**EXERCISE**:
Whenever a line in the entries below contains "グループ", copy that line.

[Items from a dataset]
____
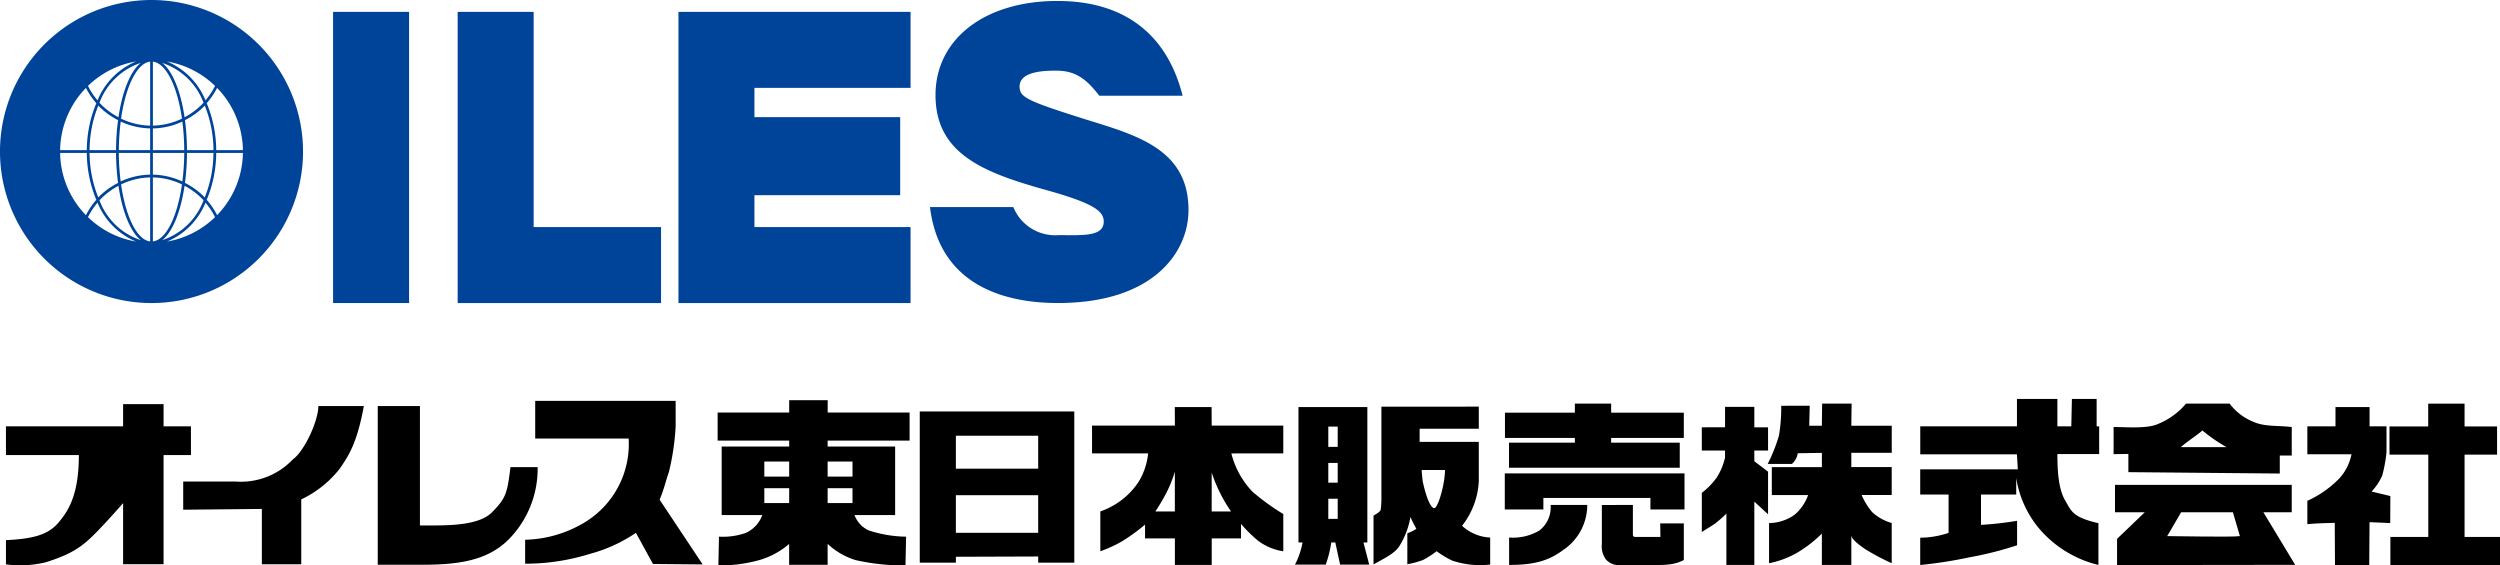 <svg xmlns="http://www.w3.org/2000/svg" width="276.37" height="62.506" viewBox="0 0 276.37 62.506">
  <g id="ロゴ" transform="translate(-55.562 -144.023)">
    <g id="グループ_8" data-name="グループ 8" transform="translate(55.562 144.023)">
      <g id="グループ_6" data-name="グループ 6" transform="translate(0.658 44.099)">
        <path id="パス_1" data-name="パス 1" d="M76.443,178.9H73.418v12.068H68.944v-6.754s-1.208,1.385-2.064,2.291c-2.012,2.131-2.989,3.16-6.482,4.248a12,12,0,0,1-4.405.235v-2.679c2.963-.147,4.63-.576,5.769-1.9s2.291-3.119,2.291-7.507h-8.06v-3.177H68.944v-2.455h4.474v2.455h3.025Z" transform="translate(-55.993 -172.695)"/>
        <path id="パス_2" data-name="パス 2" d="M88.792,173.411c-.761,4.152-1.7,5.494-2.621,6.864a11.861,11.861,0,0,1-4.3,3.455V190.9H77.516v-6.116l-8.694.086v-3.113h5.82a7.9,7.9,0,0,0,6.288-2.438c1.33-.956,2.833-4.315,2.833-5.905Z" transform="translate(-49.227 -172.621)"/>
        <path id="パス_3" data-name="パス 3" d="M100.575,180.161a11.118,11.118,0,0,1-3.284,8.077c-2.36,2.288-5.535,2.717-9.54,2.717H82.9V173.411h4.663v13.2h1.039c2.212,0,5.49-.009,6.915-1.445,1.615-1.616,1.7-2.206,2.056-5Z" transform="translate(-41.799 -172.621)"/>
        <path id="パス_4" data-name="パス 4" d="M107.7,191.067l-1.885-3.441a16.732,16.732,0,0,1-5.089,2.326,23.934,23.934,0,0,1-7.158,1.086V188.39a13.285,13.285,0,0,0,6.3-1.755,10.112,10.112,0,0,0,5.141-9.433H94.681v-4.168h15.525v2.843a27.444,27.444,0,0,1-.748,5.04c-.312.854-.5,1.8-1.023,3.044l4.759,7.158Z" transform="translate(-36.173 -172.821)"/>
        <path id="パス_5" data-name="パス 5" d="M128.722,177.452v-3.1h-9.056v-1.366h-4.255v1.366H107.5v3.1h7.911v.66h-7.463v7.578h4.491a3.492,3.492,0,0,1-1.8,1.963,7.725,7.725,0,0,1-2.989.422l-.067,3.18a16.251,16.251,0,0,0,4.6-.611,8.668,8.668,0,0,0,3.223-1.77v2.311h4.255v-2.311a7.9,7.9,0,0,0,3.088,1.79,24.112,24.112,0,0,0,5.519.591l.067-3.18a13.605,13.605,0,0,1-4.17-.707,3.012,3.012,0,0,1-1.532-1.677h4.491v-7.578h-7.463v-.66Zm-13.312,6.908h-2.748v-1.64h2.748Zm0-2.928h-2.748v-1.66h2.748Zm7,2.928h-2.749v-1.64h2.749Zm0-4.588v1.66h-2.749v-1.66Z" transform="translate(-28.826 -172.847)"/>
        <path id="パス_6" data-name="パス 6" d="M139.213,173.8v16.715h-3.99v-.681l-9.1.032v.649H122.13V173.8Zm-13.092,6.327h9.1v-3.641h-9.1Zm0,7.092h9.1v-4.158h-9.1Z" transform="translate(-21.11 -172.415)"/>
        <path id="パス_7" data-name="パス 7" d="M147.816,173.484l.011,2.053h7.915v3.073H150a9.519,9.519,0,0,0,2.314,4.211,25.23,25.23,0,0,0,3.428,2.488v4.118a6.134,6.134,0,0,1-2.8-1.176,15.018,15.018,0,0,1-1.874-1.853V188h-3.237v2.94h-4.072V188h-3.3v-1.523a20.807,20.807,0,0,1-2.464,1.8,13.854,13.854,0,0,1-2.479,1.147v-4.405a8.325,8.325,0,0,0,4.161-3.16,7.431,7.431,0,0,0,1.123-3.252h-6.2v-3.073h9.159l-.011-2.053Zm-6.22,11.538h2.158v-4.4a13.108,13.108,0,0,1-.866,2.2A20.435,20.435,0,0,1,141.6,185.022Zm6.23,0h2.137a16.728,16.728,0,0,1-2.137-4.3Z" transform="translate(-14.535 -172.583)"/>
        <g id="グループ_1" data-name="グループ 1" transform="translate(142.499 0.855)">
          <path id="パス_8" data-name="パス 8" d="M156.859,188.454h.428v-14.97h-7.614v14.97h.448a8.653,8.653,0,0,1-.834,2.447h3.4a12.871,12.871,0,0,0,.611-2.447h.448l.528,2.447h3.218Zm-2.85-2.612H152.97V183.62h1.039Zm0-4H152.97v-2.182h1.039Zm0-3.956H152.97v-2.24h1.039Z" transform="translate(-149.286 -173.438)"/>
          <path id="パス_9" data-name="パス 9" d="M164.755,186.625a8.627,8.627,0,0,0,1.851-4.931v-4.347h-6.54v-1.453h6.54v-2.441H155.841V183.46a9.711,9.711,0,0,1-.072,1.347c-.047.316-.634.568-.8.7V190.9c1-.594,2.276-1.133,2.852-2.019a8.963,8.963,0,0,0,1.233-3.229c.067.168.166.382.295.64s.247.478.357.66a3.008,3.008,0,0,1-.449.27q-.2.1-.55.234v3.417a9.648,9.648,0,0,0,1.761-.48,9.907,9.907,0,0,0,1.477-.959,10.025,10.025,0,0,0,1.721,1.037,9.7,9.7,0,0,0,4.2.44v-2.985A4.948,4.948,0,0,1,164.755,186.625Zm-3.14-1.961c-.671-.284-1.212-2.97-1.212-2.97s-.108-.962-.108-1.239h2.575C162.87,182.053,162.037,184.929,161.614,184.664Z" transform="translate(-146.286 -173.454)"/>
        </g>
        <g id="グループ_2" data-name="グループ 2" transform="translate(165.693 0.521)">
          <path id="パス_10" data-name="パス 10" d="M184.338,180.945v3.991h-3.767v-1.272H168.737v1.272h-4.266v-3.991Zm-8.109-7.711v1h8.033v2.794h-8.033v.522h7.584v2.774H164.938v-2.774h7.28v-.522h-7.727v-2.794h7.727v-1Zm-2.642,11.2a5.986,5.986,0,0,1-2.662,4.984c-1.576,1.162-3.111,1.648-5.975,1.648v-3.03a5.715,5.715,0,0,0,3.35-.777,3.235,3.235,0,0,0,1.237-2.824Zm5.045,0v3.287c0,.168.089.252.264.252h2.78l-.023-1.494s1.995,0,2.609,0v4.048a4.291,4.291,0,0,1-1.2.417,7.381,7.381,0,0,1-1.425.127H177.39a1.936,1.936,0,0,1-1.731-.6,2.466,2.466,0,0,1-.458-1.743v-4.286Z" transform="translate(-164.471 -173.235)"/>
        </g>
        <g id="グループ_3" data-name="グループ 3" transform="translate(187.473 0.521)">
          <path id="パス_11" data-name="パス 11" d="M184.537,173.471v2.258h1.517V178.3h-1.517v1.182l1.518,1.153v4.711l-1.518-1.4v7h-3.089v-5.679a10.4,10.4,0,0,1-1.016.91c-.339.33-1.35.866-1.7,1.138v-4.339a7.941,7.941,0,0,0,1.654-1.706,6.927,6.927,0,0,0,.912-2.192V178.3H178.73v-2.572H181.3v-2.258Z" transform="translate(-178.73 -173.111)"/>
          <path id="パス_12" data-name="パス 12" d="M188.144,173.467l-.052,2.213h1.395l.032-2.445h3.258l-.032,2.445h4.469v2.994h-4.469v1.573h4.465v3.088h-3.325a7.6,7.6,0,0,0,1.161,1.891,5.318,5.318,0,0,0,2.164,1.207v4.44a23.232,23.232,0,0,1-2.975-1.584c-.716-.489-1.489-1.106-1.489-1.5v3.278h-3.258V187.6a13.734,13.734,0,0,1-2.728,2.116,10.205,10.205,0,0,1-3.11,1.162v-4.44a4.949,4.949,0,0,0,2.817-.915,5.034,5.034,0,0,0,1.5-2.183h-4.011v-3.088h5.534v-1.573l-2.664.043a2.028,2.028,0,0,1-.649,1.181H183.5a18.757,18.757,0,0,0,1.242-3.117,17.911,17.911,0,0,0,.251-3.313Z" transform="translate(-176.216 -173.235)"/>
        </g>
        <path id="パス_13" data-name="パス 13" d="M209.7,172.894v3.03h1.538l.066-3.03h2.734l0,3.03h.28v3.069H209.7c0,1.886.125,3.906.872,5.146.68,1.164.8,1.836,3.664,2.493v4.616a12.4,12.4,0,0,1-6.573-4.046,11.53,11.53,0,0,1-2.514-5.552v1.815h-3.893v3.354a37.2,37.2,0,0,0,3.99-.452v2.705A37.975,37.975,0,0,1,200,190.4a48.459,48.459,0,0,1-5.464.852v-3.014a9.989,9.989,0,0,0,3.136-.535v-4.236h-3.136v-2.785h10.791l-.1-1.663H194.541v-3.092H205.23v-3.03Z" transform="translate(17.082 -172.894)"/>
        <g id="グループ_4" data-name="グループ 4" transform="translate(232.995 0.521)">
          <path id="パス_14" data-name="パス 14" d="M223.981,175.241a6.058,6.058,0,0,1-2.617-2.006H216.54a7.981,7.981,0,0,1-3.085,2.244c-1.234.556-3.47.341-4.921.342v3l1.633-.023v2.012l16.738.153v-1.992l1.323,0v-3.151C226.624,175.639,225.21,175.8,223.981,175.241Zm-8.018,2.807c.649-.588,1.954-1.433,2.387-1.847a17.557,17.557,0,0,0,2.673,1.847Z" transform="translate(-208.533 -173.235)"/>
          <path id="パス_15" data-name="パス 15" d="M225.038,182.142h3.136v-3.027h-19.54v3.027h3.293l-3.064,2.94v2.9l15.256-.02h4.437Zm-10.632,2.638,1.541-2.638h5.722l.774,2.638C221.506,184.909,215.517,184.78,214.405,184.78Z" transform="translate(-208.48 -170.134)"/>
        </g>
        <g id="グループ_5" data-name="グループ 5" transform="translate(254.414 0.521)">
          <path id="パス_16" data-name="パス 16" d="M231.719,186.307l-2.287-.1-.034,4.753h-3.786l-.027-4.674c-1.126.024-2.328.064-3.029.15v-2.586a11.58,11.58,0,0,0,3.538-2.479,5.567,5.567,0,0,0,1.343-2.667h-4.88v-3.087h3.11v-2.129h3.767v2.129h1.873v2.835a15.309,15.309,0,0,1-.477,2.618,6.522,6.522,0,0,1-1.17,1.755l2.074.495Z" transform="translate(-222.556 -173.104)"/>
          <path id="パス_17" data-name="パス 17" d="M228.6,187.973h4.19v-9.1H228.5v-3.115h4.281v-2.522H236.8v2.522h3.593v3.115H236.8v9.1h3.919v3.1H228.6Z" transform="translate(-219.419 -173.235)"/>
        </g>
      </g>
      <g id="グループ_7" data-name="グループ 7">
        <path id="パス_18" data-name="パス 18" d="M132.083,166.878a5,5,0,0,0,5.019,3.1c2.581,0,4.976.208,4.976-1.5,0-1.191-1.2-2.065-6.684-3.574-6.751-1.906-11.914-4-11.914-10.4,0-6.275,5.535-10.411,13.438-10.411,3.614,0,11.407.764,13.881,10.475h-9.213c-1.514-1.972-2.722-2.771-4.787-2.771-1.231,0-4.026.046-4.026,1.753,0,1.191.794,1.582,7.347,3.648,5.641,1.747,11.327,3.3,11.327,10.008,0,4.686-3.9,10.278-14.425,10.278-4.448,0-13-1.077-14.153-10.608Z" transform="translate(-20.061 -143.985)" fill="#00449a"/>
        <rect id="長方形_2" data-name="長方形 2" width="8.401" height="32.189" transform="translate(36.822 1.312)" fill="#00449a"/>
        <path id="パス_19" data-name="パス 19" d="M97.085,168.67V144.882h-8.4v32.189h22.484v-8.4Z" transform="translate(-38.092 -143.57)" fill="#00449a"/>
        <path id="パス_20" data-name="パス 20" d="M130.323,153.283v-8.4H104.665v32.189h25.657v-8.4H113.066v-3.521h16.111v-8.63H113.066v-3.236Z" transform="translate(-29.663 -143.57)" fill="#00449a"/>
        <path id="パス_21" data-name="パス 21" d="M72.312,144.023a16.751,16.751,0,1,0,16.751,16.75A16.768,16.768,0,0,0,72.312,144.023Zm-.153,6.814v7.075a7.763,7.763,0,0,1-3.212-.773C69.457,153.568,70.7,151.006,72.159,150.837Zm0,7.381v2.4H68.7a25.788,25.788,0,0,1,.208-3.157A8.1,8.1,0,0,0,72.159,158.217Zm0,2.71v2.4a8.069,8.069,0,0,0-3.255.755,25.788,25.788,0,0,1-.208-3.157Zm0,2.708v7.075c-1.462-.17-2.7-2.731-3.212-6.3A7.763,7.763,0,0,1,72.159,163.635Zm.305,7.075v-7.075a7.747,7.747,0,0,1,3.214.773C75.167,167.979,73.928,170.541,72.465,170.71Zm0-7.381v-2.4h3.464a25.788,25.788,0,0,1-.208,3.157A8.071,8.071,0,0,0,72.465,163.33Zm0-2.71v-2.4a8.072,8.072,0,0,0,3.256-.756,25.834,25.834,0,0,1,.208,3.159Zm0-2.708v-7.075c1.463.17,2.7,2.73,3.214,6.3A7.77,7.77,0,0,1,72.465,157.912Zm-1.346-6.935c-1.138.918-2.035,3.13-2.461,6.006a7.865,7.865,0,0,1-2.1-1.6A7.342,7.342,0,0,1,71.119,150.977Zm-4.775,4.141a7.819,7.819,0,0,1-1.055-1.6,10.085,10.085,0,0,1,5.311-2.7A7.866,7.866,0,0,0,66.344,155.118Zm2.27,2.187a26.263,26.263,0,0,0-.223,3.315H65.466a13.374,13.374,0,0,1,.962-4.923A8.184,8.184,0,0,0,68.614,157.306Zm-.223,3.622a26.263,26.263,0,0,0,.223,3.315,8.146,8.146,0,0,0-2.186,1.607,13.391,13.391,0,0,1-.962-4.921Zm.267,3.637c.426,2.876,1.323,5.088,2.461,6.006a7.346,7.346,0,0,1-4.558-4.4A7.833,7.833,0,0,1,68.658,164.564Zm1.94,6.163a10.075,10.075,0,0,1-5.309-2.7,7.818,7.818,0,0,1,1.055-1.6A7.869,7.869,0,0,0,70.6,170.727Zm2.908-.157c1.136-.918,2.035-3.13,2.461-6.006a7.857,7.857,0,0,1,2.1,1.6A7.353,7.353,0,0,1,73.506,170.57Zm4.773-4.142a7.887,7.887,0,0,1,1.057,1.6,10.086,10.086,0,0,1-5.311,2.7A7.859,7.859,0,0,0,78.28,166.427Zm-2.268-2.186a26.263,26.263,0,0,0,.223-3.315h2.925a13.422,13.422,0,0,1-.962,4.921A8.2,8.2,0,0,0,76.011,164.242Zm.223-3.622a26.307,26.307,0,0,0-.223-3.316A8.17,8.17,0,0,0,78.2,155.7a13.437,13.437,0,0,1,.962,4.923Zm-.267-3.638c-.426-2.875-1.324-5.086-2.461-6a7.349,7.349,0,0,1,4.558,4.4A7.884,7.884,0,0,1,75.967,156.982Zm-1.943-6.163a10.1,10.1,0,0,1,5.312,2.7,7.825,7.825,0,0,1-1.057,1.6A7.857,7.857,0,0,0,74.024,150.819Zm-7.813,4.616a13.587,13.587,0,0,0-1.051,5.186H62.209a10.069,10.069,0,0,1,2.855-6.88A8.1,8.1,0,0,0,66.211,155.434Zm-1.051,5.493a13.6,13.6,0,0,0,1.051,5.184,8.073,8.073,0,0,0-1.147,1.7,10.069,10.069,0,0,1-2.855-6.88Zm13.254,5.184a13.6,13.6,0,0,0,1.051-5.184h2.951a10.076,10.076,0,0,1-2.855,6.88A8.192,8.192,0,0,0,78.414,166.111Zm1.051-5.491a13.616,13.616,0,0,0-1.051-5.186,8.222,8.222,0,0,0,1.147-1.694,10.076,10.076,0,0,1,2.855,6.88Z" transform="translate(-55.562 -144.023)" fill="#00449a"/>
      </g>
    </g>
  </g>
</svg>
____
**RESPONSE TO THE EXERCISE**:
    <g id="グループ_8" data-name="グループ 8" transform="translate(55.562 144.023)">
      <g id="グループ_6" data-name="グループ 6" transform="translate(0.658 44.099)">
        <g id="グループ_1" data-name="グループ 1" transform="translate(142.499 0.855)">
        <g id="グループ_2" data-name="グループ 2" transform="translate(165.693 0.521)">
        <g id="グループ_3" data-name="グループ 3" transform="translate(187.473 0.521)">
        <g id="グループ_4" data-name="グループ 4" transform="translate(232.995 0.521)">
        <g id="グループ_5" data-name="グループ 5" transform="translate(254.414 0.521)">
      <g id="グループ_7" data-name="グループ 7">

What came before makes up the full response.